The problem: Leave out the pictures and return every entry exactly as it appears.

- - -

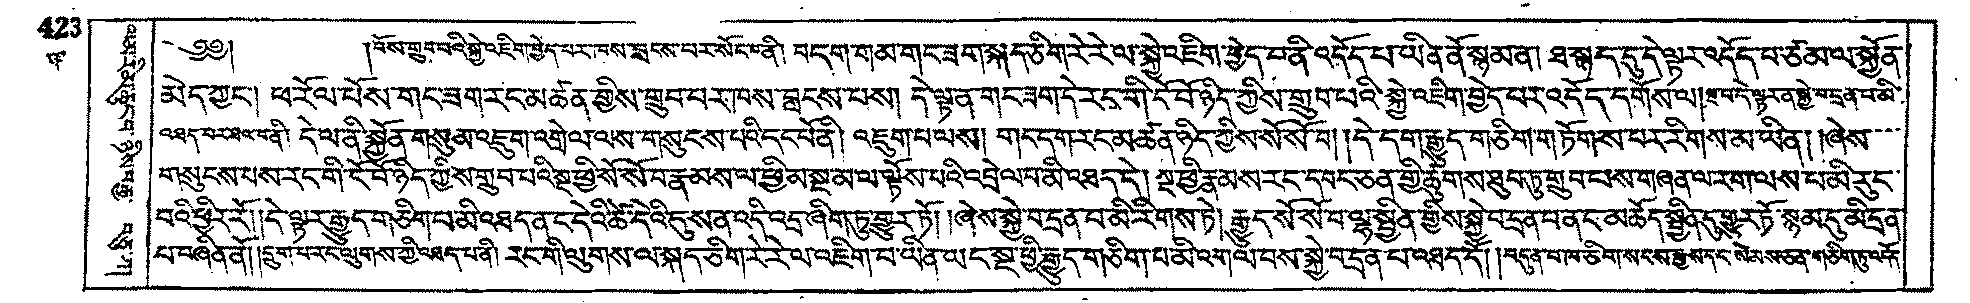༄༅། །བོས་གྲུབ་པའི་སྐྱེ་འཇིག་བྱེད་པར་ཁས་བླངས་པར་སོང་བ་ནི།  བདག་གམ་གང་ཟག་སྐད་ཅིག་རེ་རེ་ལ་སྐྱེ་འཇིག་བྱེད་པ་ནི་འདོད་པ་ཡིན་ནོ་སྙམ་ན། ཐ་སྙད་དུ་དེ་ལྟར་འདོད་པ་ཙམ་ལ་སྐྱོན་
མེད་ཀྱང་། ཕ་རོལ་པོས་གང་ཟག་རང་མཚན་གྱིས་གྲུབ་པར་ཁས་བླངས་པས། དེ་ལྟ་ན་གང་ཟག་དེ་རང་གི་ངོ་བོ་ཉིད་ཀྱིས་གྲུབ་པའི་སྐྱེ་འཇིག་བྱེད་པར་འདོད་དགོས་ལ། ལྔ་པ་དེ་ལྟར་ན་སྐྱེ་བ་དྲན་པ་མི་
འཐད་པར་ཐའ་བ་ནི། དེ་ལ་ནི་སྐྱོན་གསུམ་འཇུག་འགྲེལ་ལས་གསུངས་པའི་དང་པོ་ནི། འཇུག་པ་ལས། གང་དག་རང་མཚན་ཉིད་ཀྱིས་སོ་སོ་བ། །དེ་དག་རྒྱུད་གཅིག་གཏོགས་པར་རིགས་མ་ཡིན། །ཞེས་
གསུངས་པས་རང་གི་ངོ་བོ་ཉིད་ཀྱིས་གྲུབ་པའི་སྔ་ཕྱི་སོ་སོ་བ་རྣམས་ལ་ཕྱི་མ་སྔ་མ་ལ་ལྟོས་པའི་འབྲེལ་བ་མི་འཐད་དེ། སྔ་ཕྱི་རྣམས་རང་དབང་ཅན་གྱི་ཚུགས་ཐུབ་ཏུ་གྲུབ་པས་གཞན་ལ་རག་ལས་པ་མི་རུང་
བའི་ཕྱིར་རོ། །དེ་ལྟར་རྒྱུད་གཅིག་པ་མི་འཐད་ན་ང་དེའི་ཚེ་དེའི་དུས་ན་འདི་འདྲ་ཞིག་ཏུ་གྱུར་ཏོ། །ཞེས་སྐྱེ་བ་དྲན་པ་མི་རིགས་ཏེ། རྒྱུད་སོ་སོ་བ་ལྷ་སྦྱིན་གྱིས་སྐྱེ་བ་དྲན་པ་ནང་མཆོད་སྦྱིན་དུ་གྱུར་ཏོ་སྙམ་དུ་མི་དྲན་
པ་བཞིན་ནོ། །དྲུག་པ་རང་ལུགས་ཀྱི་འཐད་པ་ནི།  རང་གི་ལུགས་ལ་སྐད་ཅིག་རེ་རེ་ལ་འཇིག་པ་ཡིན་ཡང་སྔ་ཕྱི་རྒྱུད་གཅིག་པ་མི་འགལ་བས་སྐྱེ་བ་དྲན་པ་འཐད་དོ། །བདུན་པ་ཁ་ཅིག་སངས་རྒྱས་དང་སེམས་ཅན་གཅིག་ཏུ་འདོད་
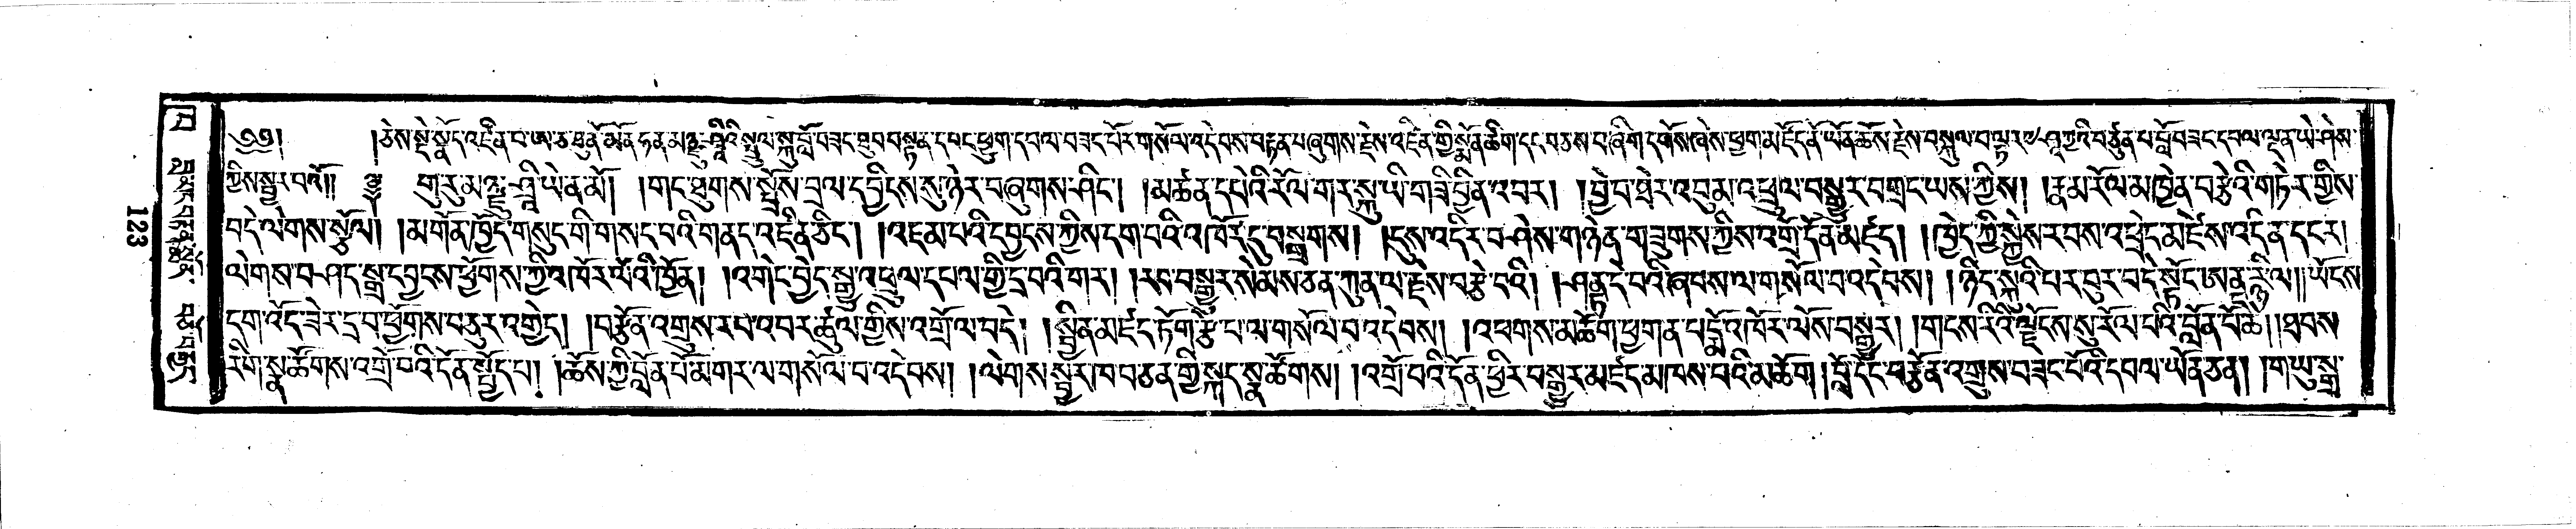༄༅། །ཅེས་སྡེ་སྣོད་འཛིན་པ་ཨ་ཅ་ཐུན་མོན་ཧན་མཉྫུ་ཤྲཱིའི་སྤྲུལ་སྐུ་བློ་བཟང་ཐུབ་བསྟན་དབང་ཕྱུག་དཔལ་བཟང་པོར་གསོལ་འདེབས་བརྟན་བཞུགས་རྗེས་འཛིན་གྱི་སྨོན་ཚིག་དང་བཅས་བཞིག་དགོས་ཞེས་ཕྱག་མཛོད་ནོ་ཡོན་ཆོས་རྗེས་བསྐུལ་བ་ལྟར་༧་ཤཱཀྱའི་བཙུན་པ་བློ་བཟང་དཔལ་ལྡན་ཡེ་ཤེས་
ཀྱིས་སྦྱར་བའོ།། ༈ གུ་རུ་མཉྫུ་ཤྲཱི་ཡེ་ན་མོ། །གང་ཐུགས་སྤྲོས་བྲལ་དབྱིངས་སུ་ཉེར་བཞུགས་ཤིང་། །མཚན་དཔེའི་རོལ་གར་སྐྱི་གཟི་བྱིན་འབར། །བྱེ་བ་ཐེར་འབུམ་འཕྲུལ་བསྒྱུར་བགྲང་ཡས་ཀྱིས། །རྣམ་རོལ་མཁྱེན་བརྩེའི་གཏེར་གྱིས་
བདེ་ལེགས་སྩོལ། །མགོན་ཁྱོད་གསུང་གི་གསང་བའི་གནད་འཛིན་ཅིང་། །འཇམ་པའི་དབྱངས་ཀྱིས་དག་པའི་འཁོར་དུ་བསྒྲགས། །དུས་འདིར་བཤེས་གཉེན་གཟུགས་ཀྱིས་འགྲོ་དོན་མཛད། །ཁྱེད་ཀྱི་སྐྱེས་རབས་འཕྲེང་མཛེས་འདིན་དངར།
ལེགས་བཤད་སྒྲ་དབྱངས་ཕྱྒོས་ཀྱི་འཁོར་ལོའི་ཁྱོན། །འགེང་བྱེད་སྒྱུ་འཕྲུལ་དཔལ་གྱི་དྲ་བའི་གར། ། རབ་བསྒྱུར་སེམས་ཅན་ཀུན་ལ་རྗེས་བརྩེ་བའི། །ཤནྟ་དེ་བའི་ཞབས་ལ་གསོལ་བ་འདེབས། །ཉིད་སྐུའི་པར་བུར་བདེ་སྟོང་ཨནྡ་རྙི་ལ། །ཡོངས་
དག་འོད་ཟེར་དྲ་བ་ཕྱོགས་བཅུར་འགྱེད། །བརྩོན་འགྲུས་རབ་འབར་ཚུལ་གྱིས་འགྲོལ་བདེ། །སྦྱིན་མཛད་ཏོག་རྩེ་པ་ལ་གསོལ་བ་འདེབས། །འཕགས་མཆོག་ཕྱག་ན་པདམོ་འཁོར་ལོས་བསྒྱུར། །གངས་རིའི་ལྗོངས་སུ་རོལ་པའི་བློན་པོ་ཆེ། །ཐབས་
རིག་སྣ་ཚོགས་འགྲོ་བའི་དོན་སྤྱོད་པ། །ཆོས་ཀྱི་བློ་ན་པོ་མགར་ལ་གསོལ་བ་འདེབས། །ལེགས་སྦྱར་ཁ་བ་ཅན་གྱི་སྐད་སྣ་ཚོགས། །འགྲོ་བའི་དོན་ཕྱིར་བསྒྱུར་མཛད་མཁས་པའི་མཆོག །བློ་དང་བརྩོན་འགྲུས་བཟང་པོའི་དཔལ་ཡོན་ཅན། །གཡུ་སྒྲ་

- - -

Written solution:
༄༅། །བོས་གྲུབ་པའི་སྐྱེ་འཇིག་བྱེད་པར་ཁས་བླངས་པར་སོང་བ་ནི།  བདག་གམ་གང་ཟག་སྐད་ཅིག་རེ་རེ་ལ་སྐྱེ་འཇིག་བྱེད་པ་ནི་འདོད་པ་ཡིན་ནོ་སྙམ་ན། ཐ་སྙད་དུ་དེ་ལྟར་འདོད་པ་ཙམ་ལ་སྐྱོན་
མེད་ཀྱང་། ཕ་རོལ་པོས་གང་ཟག་རང་མཚན་གྱིས་གྲུབ་པར་ཁས་བླངས་པས། དེ་ལྟ་ན་གང་ཟག་དེ་རང་གི་ངོ་བོ་ཉིད་ཀྱིས་གྲུབ་པའི་སྐྱེ་འཇིག་བྱེད་པར་འདོད་དགོས་ལ། ལྔ་པ་དེ་ལྟར་ན་སྐྱེ་བ་དྲན་པ་མི་
འཐད་པར་ཐའ་བ་ནི། དེ་ལ་ནི་སྐྱོན་གསུམ་འཇུག་འགྲེལ་ལས་གསུངས་པའི་དང་པོ་ནི། འཇུག་པ་ལས། གང་དག་རང་མཚན་ཉིད་ཀྱིས་སོ་སོ་བ། །དེ་དག་རྒྱུད་གཅིག་གཏོགས་པར་རིགས་མ་ཡིན། །ཞེས་
གསུངས་པས་རང་གི་ངོ་བོ་ཉིད་ཀྱིས་གྲུབ་པའི་སྔ་ཕྱི་སོ་སོ་བ་རྣམས་ལ་ཕྱི་མ་སྔ་མ་ལ་ལྟོས་པའི་འབྲེལ་བ་མི་འཐད་དེ། སྔ་ཕྱི་རྣམས་རང་དབང་ཅན་གྱི་ཚུགས་ཐུབ་ཏུ་གྲུབ་པས་གཞན་ལ་རག་ལས་པ་མི་རུང་
བའི་ཕྱིར་རོ། །དེ་ལྟར་རྒྱུད་གཅིག་པ་མི་འཐད་ན་ང་དེའི་ཚེ་དེའི་དུས་ན་འདི་འདྲ་ཞིག་ཏུ་གྱུར་ཏོ། །ཞེས་སྐྱེ་བ་དྲན་པ་མི་རིགས་ཏེ། རྒྱུད་སོ་སོ་བ་ལྷ་སྦྱིན་གྱིས་སྐྱེ་བ་དྲན་པ་ནང་མཆོད་སྦྱིན་དུ་གྱུར་ཏོ་སྙམ་དུ་མི་དྲན་
པ་བཞིན་ནོ། །དྲུག་པ་རང་ལུགས་ཀྱི་འཐད་པ་ནི།  རང་གི་ལུགས་ལ་སྐད་ཅིག་རེ་རེ་ལ་འཇིག་པ་ཡིན་ཡང་སྔ་ཕྱི་རྒྱུད་གཅིག་པ་མི་འགལ་བས་སྐྱེ་བ་དྲན་པ་འཐད་དོ། །བདུན་པ་ཁ་ཅིག་སངས་རྒྱས་དང་སེམས་ཅན་གཅིག་ཏུ་འདོད་
༄༅། །ཅེས་སྡེ་སྣོད་འཛིན་པ་ཨ་ཅ་ཐུན་མོན་ཧན་མཉྫུ་ཤྲཱིའི་སྤྲུལ་སྐུ་བློ་བཟང་ཐུབ་བསྟན་དབང་ཕྱུག་དཔལ་བཟང་པོར་གསོལ་འདེབས་བརྟན་བཞུགས་རྗེས་འཛིན་གྱི་སྨོན་ཚིག་དང་བཅས་བཞིག་དགོས་ཞེས་ཕྱག་མཛོད་ནོ་ཡོན་ཆོས་རྗེས་བསྐུལ་བ་ལྟར་༧་ཤཱཀྱའི་བཙུན་པ་བློ་བཟང་དཔལ་ལྡན་ཡེ་ཤེས་
ཀྱིས་སྦྱར་བའོ།། ༈ གུ་རུ་མཉྫུ་ཤྲཱི་ཡེ་ན་མོ། །གང་ཐུགས་སྤྲོས་བྲལ་དབྱིངས་སུ་ཉེར་བཞུགས་ཤིང་། །མཚན་དཔེའི་རོལ་གར་སྐྱི་གཟི་བྱིན་འབར། །བྱེ་བ་ཐེར་འབུམ་འཕྲུལ་བསྒྱུར་བགྲང་ཡས་ཀྱིས། །རྣམ་རོལ་མཁྱེན་བརྩེའི་གཏེར་གྱིས་
བདེ་ལེགས་སྩོལ། །མགོན་ཁྱོད་གསུང་གི་གསང་བའི་གནད་འཛིན་ཅིང་། །འཇམ་པའི་དབྱངས་ཀྱིས་དག་པའི་འཁོར་དུ་བསྒྲགས། །དུས་འདིར་བཤེས་གཉེན་གཟུགས་ཀྱིས་འགྲོ་དོན་མཛད། །ཁྱེད་ཀྱི་སྐྱེས་རབས་འཕྲེང་མཛེས་འདིན་དངར།
ལེགས་བཤད་སྒྲ་དབྱངས་ཕྱྒོས་ཀྱི་འཁོར་ལོའི་ཁྱོན། །འགེང་བྱེད་སྒྱུ་འཕྲུལ་དཔལ་གྱི་དྲ་བའི་གར། ། རབ་བསྒྱུར་སེམས་ཅན་ཀུན་ལ་རྗེས་བརྩེ་བའི། །ཤནྟ་དེ་བའི་ཞབས་ལ་གསོལ་བ་འདེབས། །ཉིད་སྐུའི་པར་བུར་བདེ་སྟོང་ཨནྡ་རྙི་ལ། །ཡོངས་
དག་འོད་ཟེར་དྲ་བ་ཕྱོགས་བཅུར་འགྱེད། །བརྩོན་འགྲུས་རབ་འབར་ཚུལ་གྱིས་འགྲོལ་བདེ། །སྦྱིན་མཛད་ཏོག་རྩེ་པ་ལ་གསོལ་བ་འདེབས། །འཕགས་མཆོག་ཕྱག་ན་པདམོ་འཁོར་ལོས་བསྒྱུར། །གངས་རིའི་ལྗོངས་སུ་རོལ་པའི་བློན་པོ་ཆེ། །ཐབས་
རིག་སྣ་ཚོགས་འགྲོ་བའི་དོན་སྤྱོད་པ། །ཆོས་ཀྱི་བློ་ན་པོ་མགར་ལ་གསོལ་བ་འདེབས། །ལེགས་སྦྱར་ཁ་བ་ཅན་གྱི་སྐད་སྣ་ཚོགས། །འགྲོ་བའི་དོན་ཕྱིར་བསྒྱུར་མཛད་མཁས་པའི་མཆོག །བློ་དང་བརྩོན་འགྲུས་བཟང་པོའི་དཔལ་ཡོན་ཅན། །གཡུ་སྒྲ་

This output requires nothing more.